• WORK REQUEST: In the entries below, every line that contains "this" must be located and copied.

• DATA SECTION:
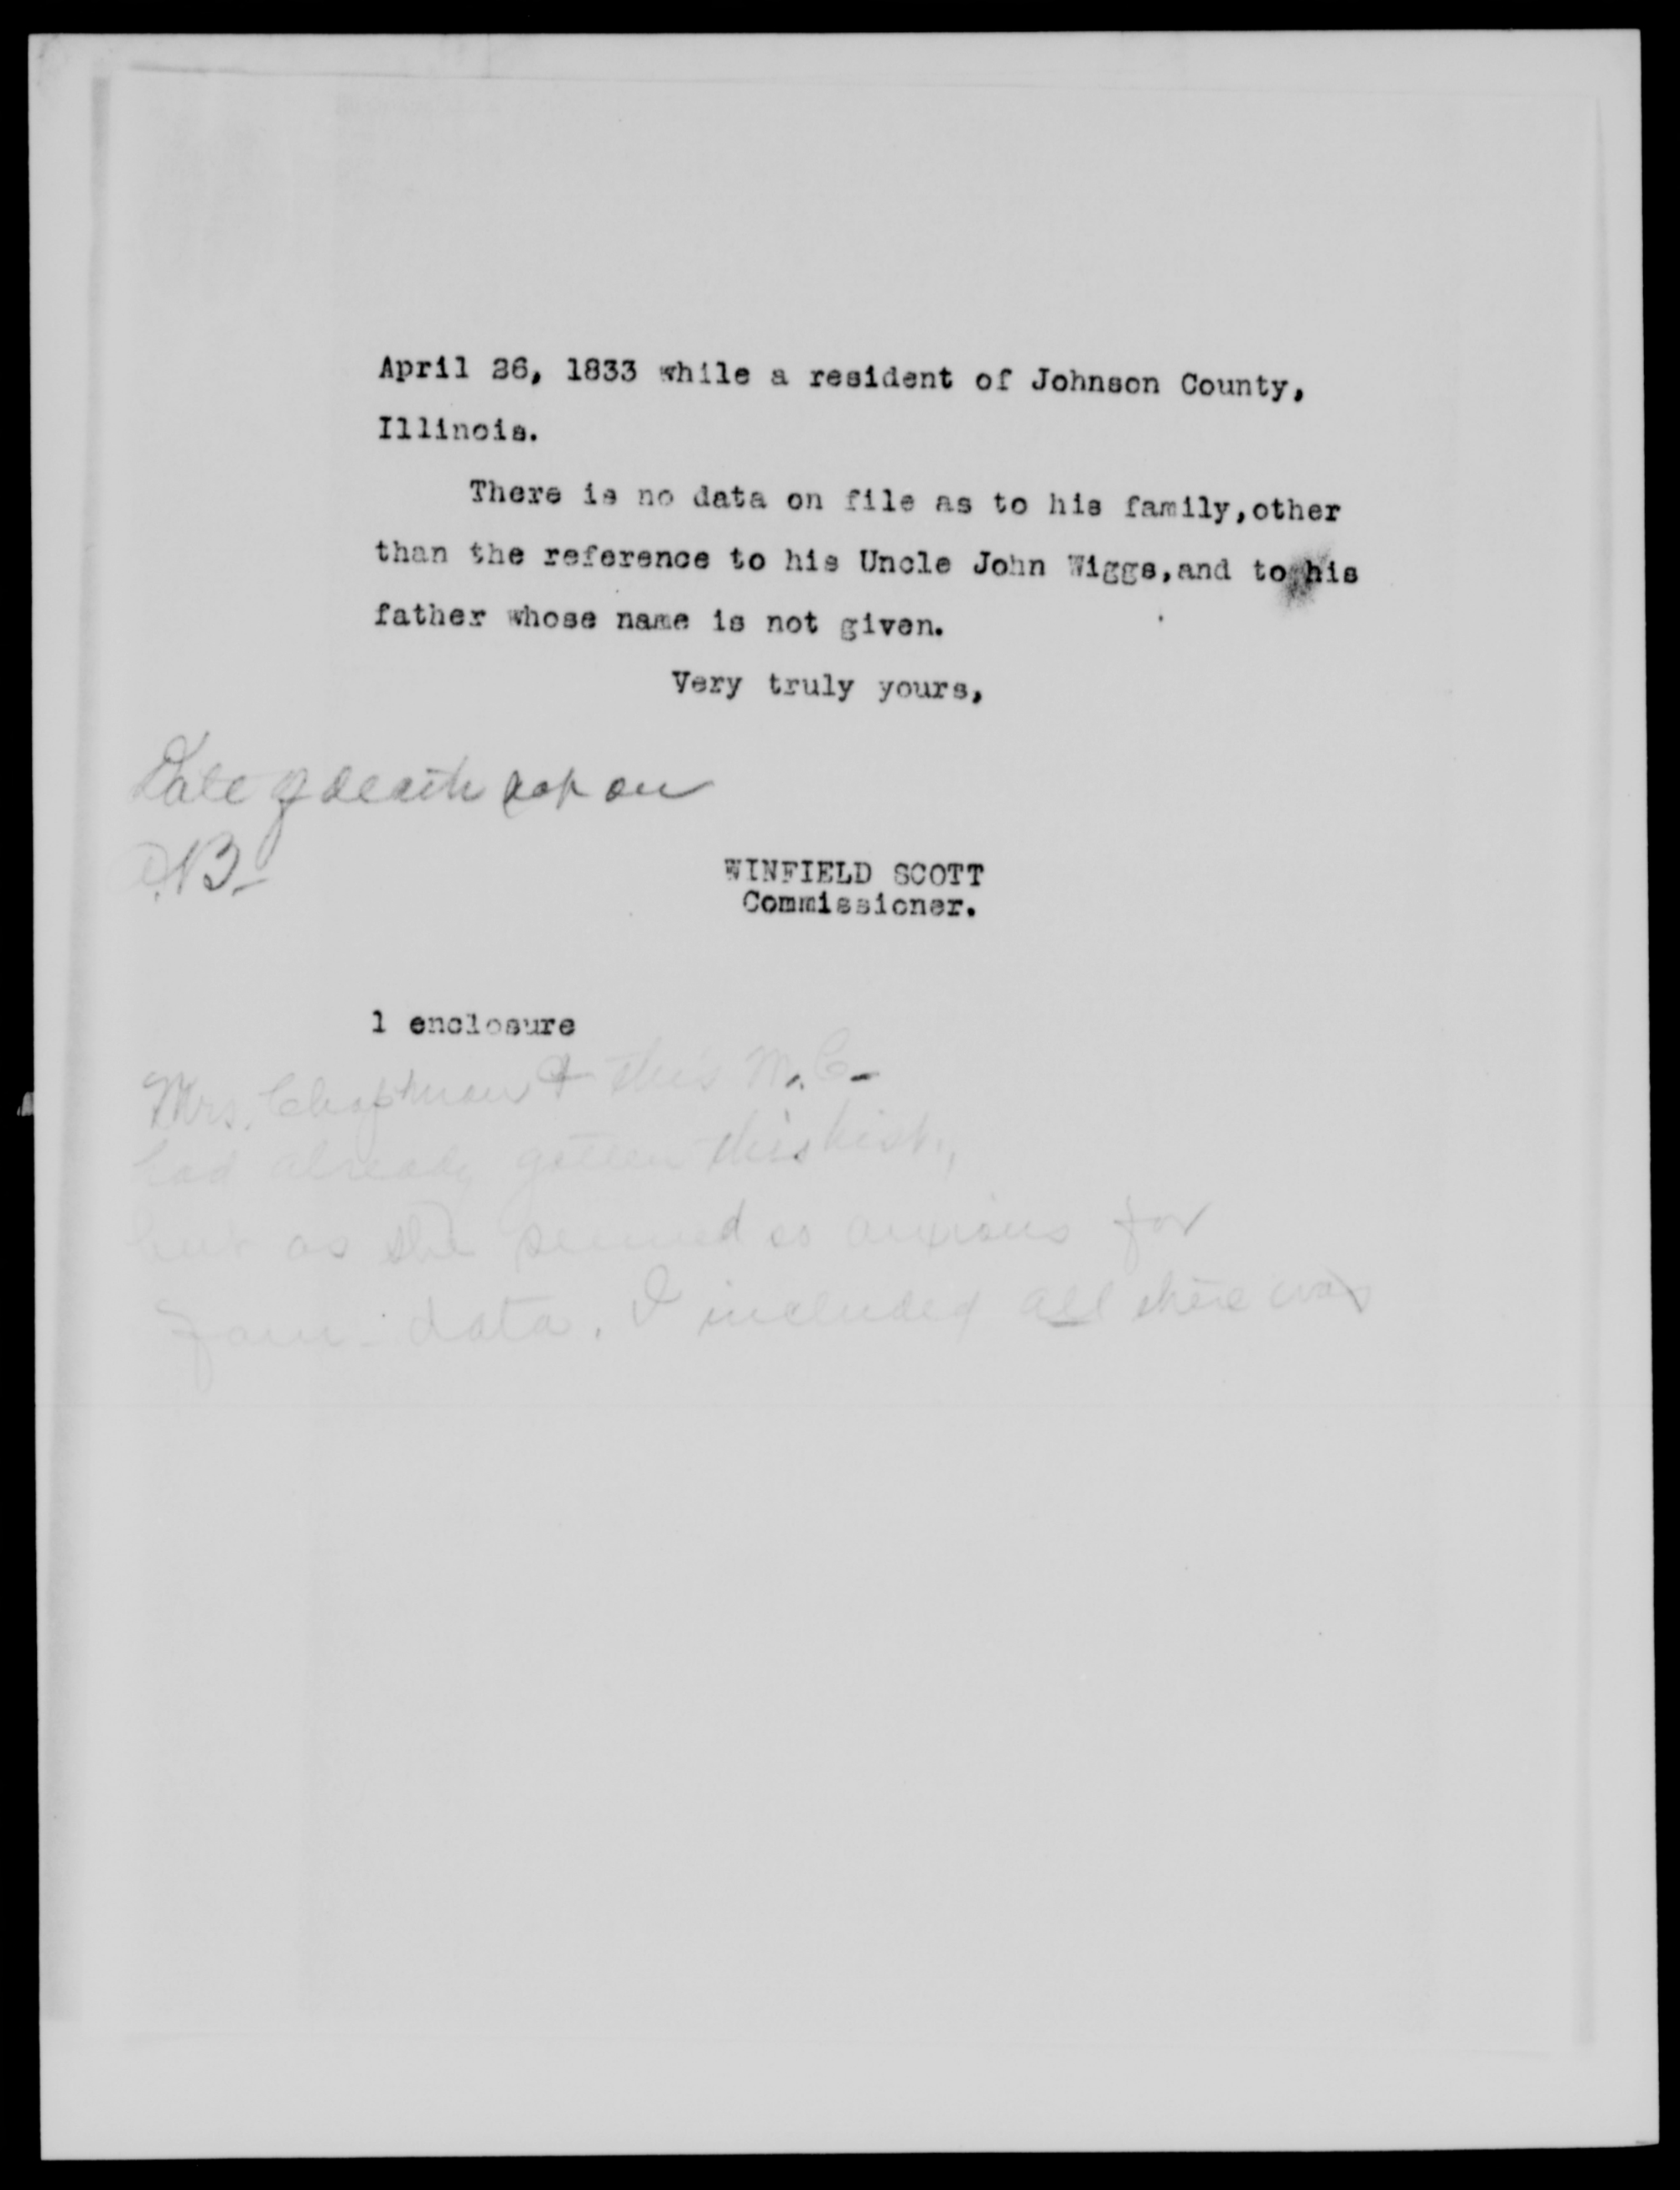April 26, 1833 while a resident of Johnson County, Illinois.
There is no data on file as to his family, other
than the reference to his Uncle John Wiggs, and to father whose name is not given.
Very truly yours,

Date of death not on
 At 3
 
WINFIELD SCOTT
Commissioner.

1 enclosure

Mrs Chapmen & this NC
had gotten this hist.
but as she seemed so anxious for
fam. data, I included all there was

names: John Wiggs, Winfield Scott
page: 12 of 31
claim: survivor's
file: S. 32608, William Wiggs, N.C.

• OUTPUT BELOW:
Mrs Chapmen & this NC
had gotten this hist.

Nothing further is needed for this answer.